During the positioning process, acquiring distance information is a crucial step for smartphones. However, challenges arise in obtaining reliable distance information due to factors like indoor multipath and human obstruction. Even though we utilize the smartphone’s internal microphone for signal reception, its quality is compromised by the presence of the phone case. The signal received is inferior to that obtained by using the custom-made microphone. To enhance the reliability of distance measurement, we have devised coarse detection and fine detection techniques. During the coarse detection stage, we employ a combination of spectral subtraction and MF-backtracking to ascertain the approximate starting position of the receiving signal. During the fine detection stage, we combine the multi-threshold grouping method with normalization techniques to enhance the intensity of the first path and improve the accuracy of detection.

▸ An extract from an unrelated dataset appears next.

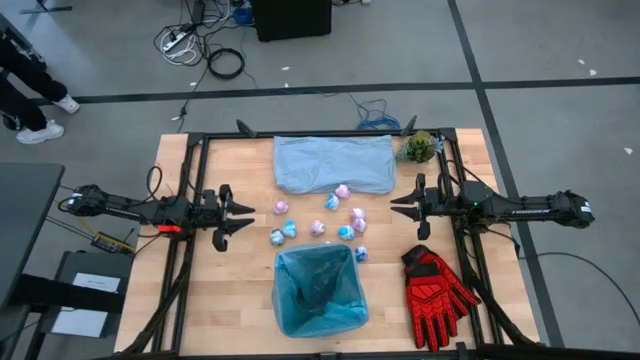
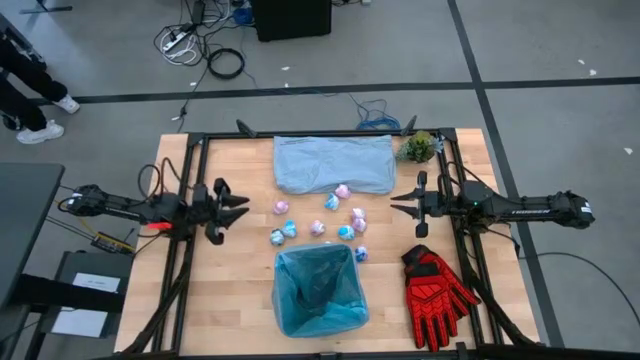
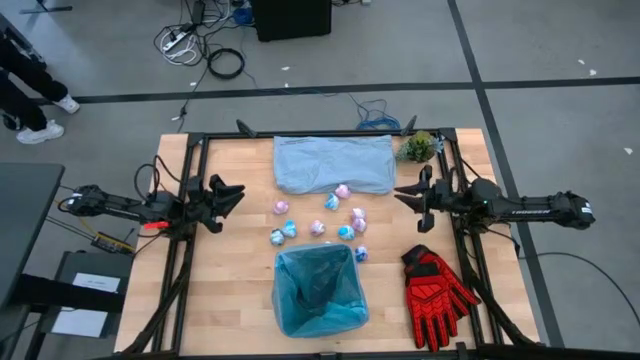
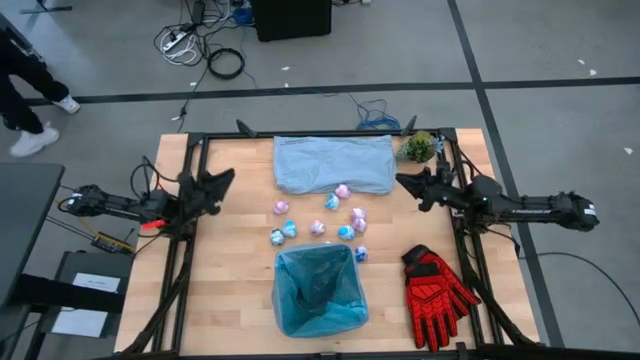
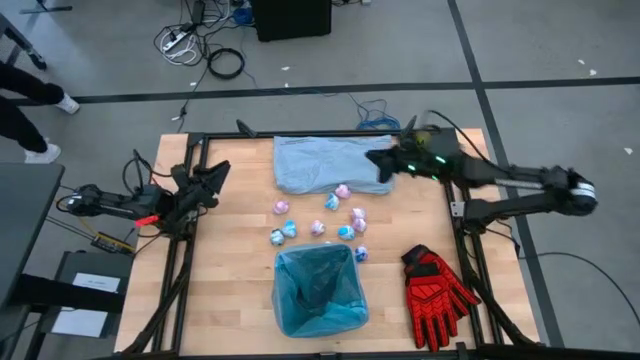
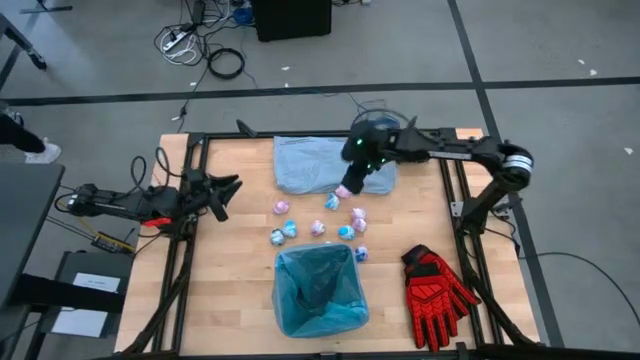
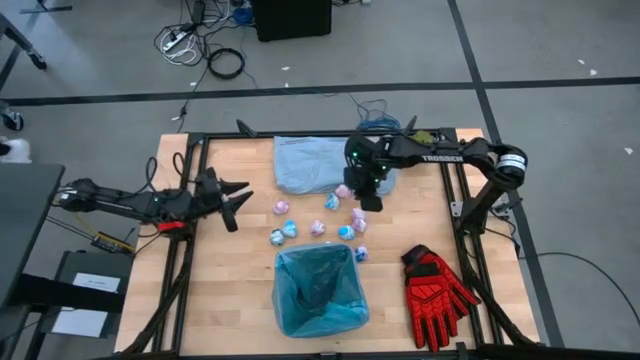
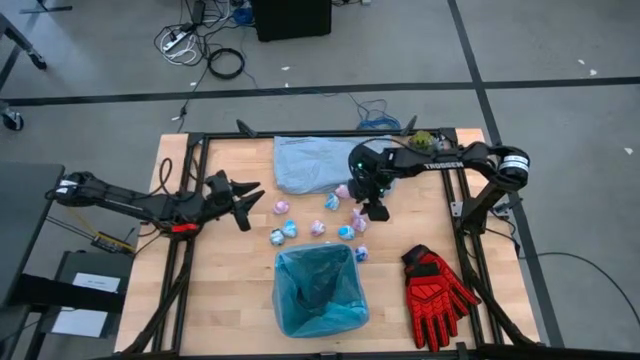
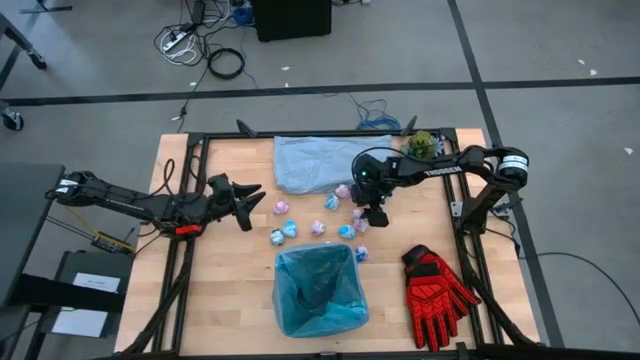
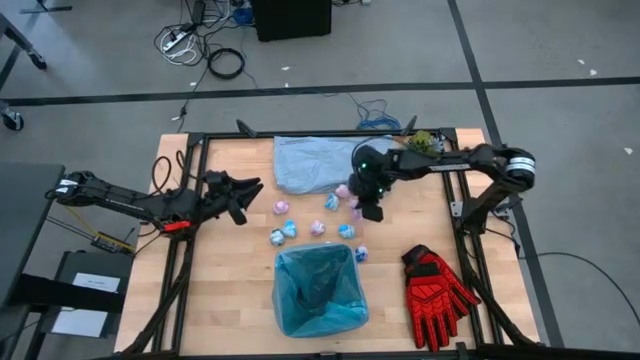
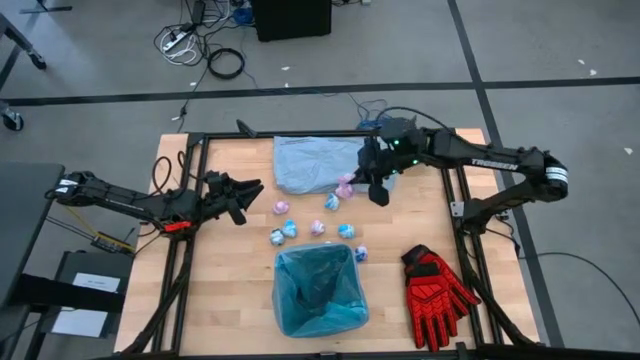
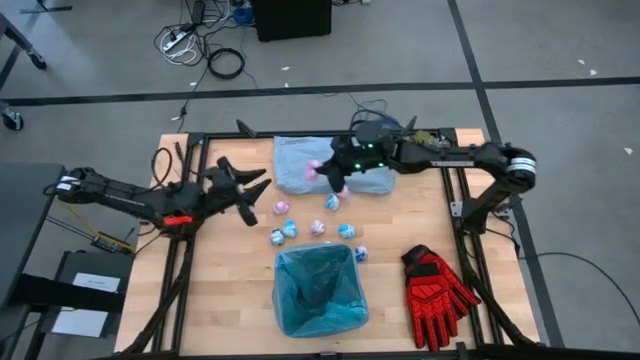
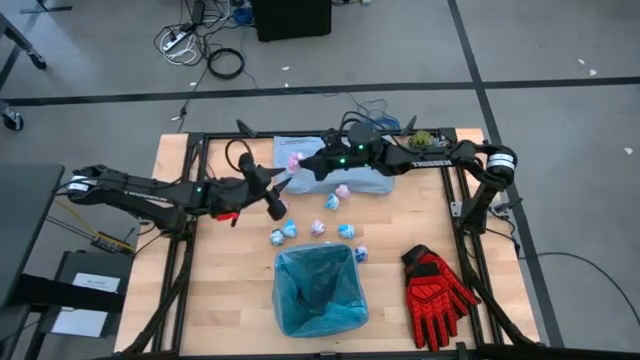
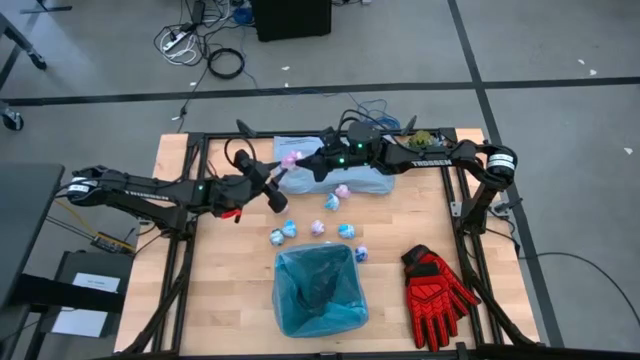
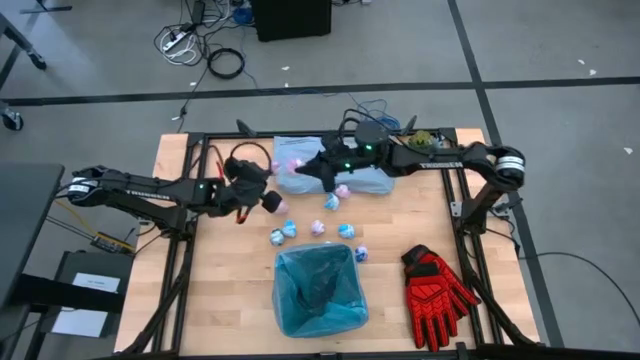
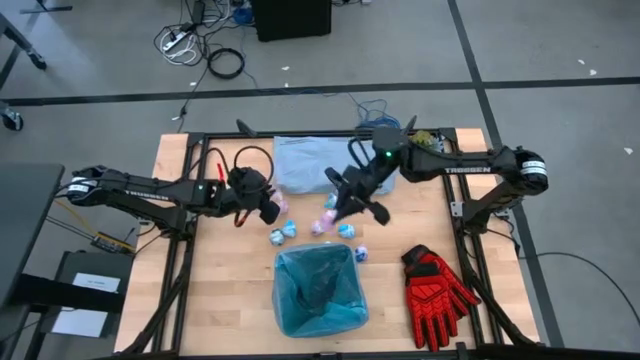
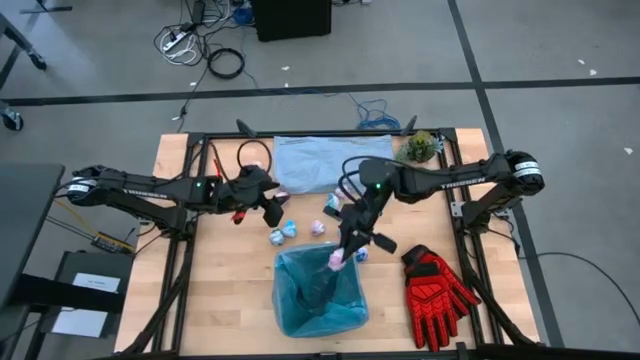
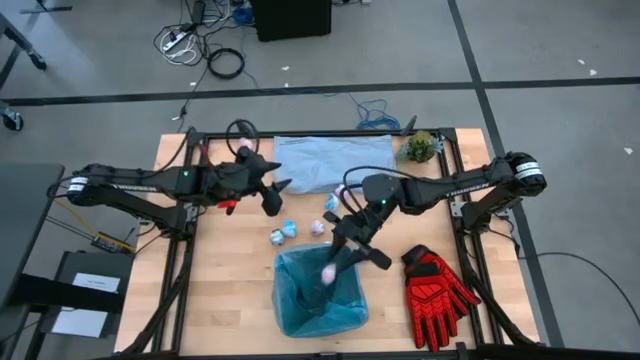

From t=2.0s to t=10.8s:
Task: place trash/remove bag and relplace
Put the pink crumbled trash bag into the trash bin

Acoustic indoor positioning technology leverages microphones and speakers for localization, and it possesses the following characteristics: Due to the relatively slower propagation speed of sound compared with radio frequencies, the synchronization requirements for achieving high-precision acoustic positioning are reduced. For location-based service providers, although deploying acoustic nodes indoors is necessary for acoustic indoor positioning technology, the affordability of commercial acoustic components is expected to enable cost-effective infrastructure investments while achieving sub-meter-level high-precision indoor positioning. For users, since microphones and speakers are standard features on handheld mobile devices, they can receive high-precision positioning services without any additional costs. These advantages have sparked an increasing interest among researchers in the field of acoustic indoor positioning technology. We also took these advantages into consideration and developed the RATBILS system. Specifically, we have conducted the following work:
- (1)
We have designed an active sensing system that allows smartphones to determine their location information without requiring any additional sensors for users.
- (2)
We propose a robust time-delay estimation algorithm, referred to as the coarse detection and fine detection method, which provides a reliable guarantee for accurate TDOA measurements and localization.
- (3)
We have designed a FIR-MF detector for detection of encoded chirp signals transmitted by different acoustic nodes.
- (4)
Our method is capable of adapting to adverse conditions such as human body occlusion and strong multipath interference through coarse and fine detection.
- (5)
Our extensive experimental results demonstrate that our proposed system exhibits accuracy and robustness for smartphone localization across two real-world scenarios.